Dün kıldığımız ilk teravih, kalktığımız ilk sahur ve bugün tuttuğumuz ilk oruç ile yeniden bir Ramazan iklimine merhaba dedik.
Herkesin bahsettiği ve aslında hepimizin ezbere bildiği Ramazanın birbirinden güzel taraflarından bahsetmeyeceğim bu yazımda.
Ramazandan veya oruçtan değil, aslında ben bizden bahsedeceğim dilim döndüğünce bu satırlarda.
…
Kimileri için tutulan oruçtur.
Kimilerine göre Ramazan, orucun insanı tutmasıdır.
Ben ise tuttuğumuz orucun her yönüyle bizi bütün kötülüklerden kendimiz tutmayı sağlaması gerektiğini düşünüyorum.
Her ibadetin olduğu gibi orucun da bütün etkilerini hayatımızda göstermesidir gaye.
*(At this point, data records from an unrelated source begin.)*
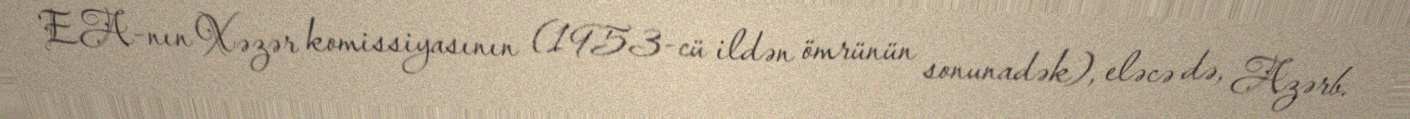
EA-nın Xəzər komissiyasının (1953-cü ildən ömrünün sonunadək), eləcə də, Azərb.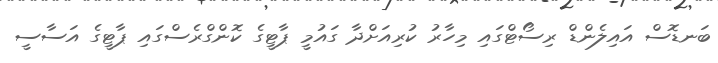
ބަނޑޮސް އައިލެންޑް ރިސޯޓްގައި މިހާރު ކުރިއަށްދާ ގައުމީ ޕާޓީގެ ކޮންގްރެސްގައި ޕާޓީގެ އަސާސީ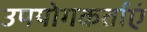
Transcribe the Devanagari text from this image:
उपयोगकर्ताएं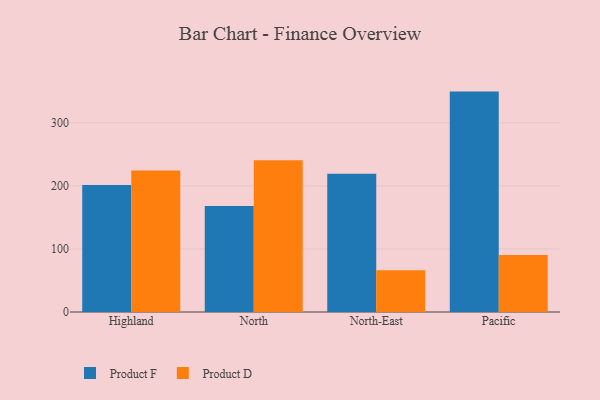
{"axis": {"x": "Region", "y": "Active Users"}, "legend": ["Product D", "Product F"], "data": [{"x": "Highland", "y": 201.2, "type": "Product F"}, {"x": "Highland", "y": 224.5, "type": "Product D"}, {"x": "North", "y": 168.1, "type": "Product F"}, {"x": "North", "y": 240.8, "type": "Product D"}, {"x": "North-East", "y": 219.3, "type": "Product F"}, {"x": "North-East", "y": 66.1, "type": "Product D"}, {"x": "Pacific", "y": 349.5, "type": "Product F"}, {"x": "Pacific", "y": 90.5, "type": "Product D"}]}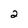
Character: 2

Sadece bedenin değil kalbin, gönlün, beynin de içinde kardeşliği/yardımlaşmayı/dayanışmayı/paylaşmayı/duyarlılığı/mütavaziliği/ahlakı/güveni hep birlikte bulunduran Ramazan iklimini hissetmesidir tılsım.
…
Bugünlerde “ey insan oruç tut” ya da “ey oruç bizi tut” cümleleriyle başlayan çeşit çeşit yazılı, görselli, renkli mesajları okurken bu iş kadar kolay mı? diye düşünüyorum.
Sosyal medya üzerinden yapılan iki cümlelik bir dilekle tutma/tutulma işi tamam oluyor mu?
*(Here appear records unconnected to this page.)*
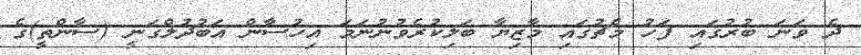
ދެ ވަނަ ބުރުގައި ފަހު މެޗުގައި މާޒިޔާ ބަލިކުރެވުނުނަމަ އިހުސާން އަބުދުލްގަނީ (ސާންތީ)ގެ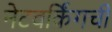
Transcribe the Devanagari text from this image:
नेटवर्किंगची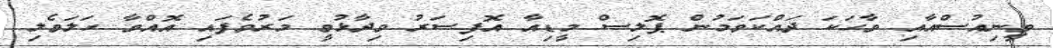
ވީނިއުސްއާއި ވާހަކަ ދައްކަވަމުން ޕޮލިސް މީޑިއާ އޮފިސަރު ވިދާޅުވީ މަރުވެފައި އޮއްވާ ހަލަވެލި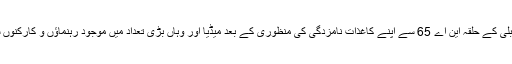
وہ تلہ گنگ میں قومی اسمبلی کے حلقہ این اے 65 سے اپنے کاغذات نامزدگی کی منظوری کے بعد میڈیا اور وہاں بڑی تعداد میں موجود رہنماؤں و کارکنوں سے گفتگو کر رہے تھے۔

Çok güzel bir şiirden alıntı yapıp ya da çok özel kelimeleri sıralayıp oluşturulunca Ramazan mesajları beklenen sonuç yaşanıyor mu?
Ramazan sevinci/iklimi sadece mesajlarla mı yayılıyor dünyamıza ve dünyaya?
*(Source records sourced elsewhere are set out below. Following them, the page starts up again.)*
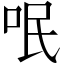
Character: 呡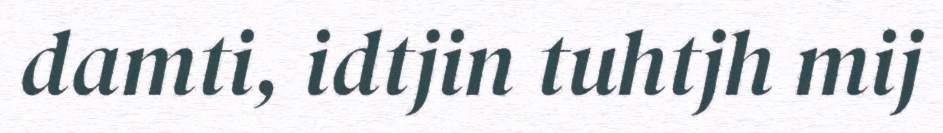
damti, idtjin tuhtjh mij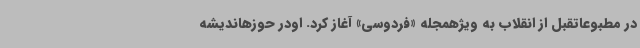
در مطبوعاتقبل از انقلاب به ویژهمجله «فردوسی» آغاز کرد. اودر حوزهاندیشه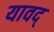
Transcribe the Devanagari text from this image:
यावद्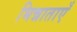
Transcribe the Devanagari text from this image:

Herhalde şu an benim gibi siz de hayır diyorsunuzdur.
İnsan nasılsa dünya da öyledir. Ve bizler birey olarak başkalarına süslü süslü mesajlar atmak/vermek yerine şöyle samimi ve içten bir şekilde kendi kendimize mesajımızı vermeliyiz.
Gözler yalan söylemez hep doğruyu söyler onlar derya bir şarkı kendi kendiyle baş başa kaldığında insan yalan söylemez kendine, söyleyemez. Görün bakın o zaman ne diyor kendimiz bize.
…
Biz insan olarak
Öylesine köreldik ki,
Öylesine dünyaya daldık ki,
Kişisel ikballerimiz için her şeyi öylesine mübah görmeye başladık ki,
Mümin kardeş için iki katını istemek şöyle dursun öylesine bencilleştik ki,
Özümüz sözümüz öyle ayrı gayrı oldu ki,
Samimiyetten uzaklaşıp öylesine hesap sahibi olduk ki,
Elinden/dilinden/kalbinden emin olunmaktan fersah fersah uzaklaştık ki,
Yüze ayrı sırta ayrı söylemlerimizle/eylemlerimizle sadece yüzümüz değil her şeyimiz öyle ikileşti ki,
Afrikada öldürülse bir yerli canı bizde çıkarken şimdi öyle duyarsızlaştık ki,
Öldürülürken kardeşlerimiz her an ve yeryüzünün her yerinde, aç ölürken çocuklarımız biz onları televizyon ekranlarından çay ve pasta tabakları eşliğinde izlerken, her gün yeni bir utançla yazılırken dünyanın kara sayfasına,
Biz öyle normalleştik ki,
Biz öyle anormalleştik ki,
Biz kendimizi tutmadığımız müddetçe kötüye dair her şeyden, BİZİ KİMSE TUTAMAZ.
…
Bayram o bayram ola diyor ya bir halk ereni. Ramazan da oruç da aslında bizim de çok iyi bildiğimiz o Ramazan ola, o oruç ola.
Nefsimizin ve hırslarımızın değil, vicdanımızın inancımızın ve kendimizin bize kötü dediği her şeyden KENDİMİZİ TUTMAK DUASI İLE.
Sözüm kendimedir evvel. Olduysa bir sürçü lisan affola.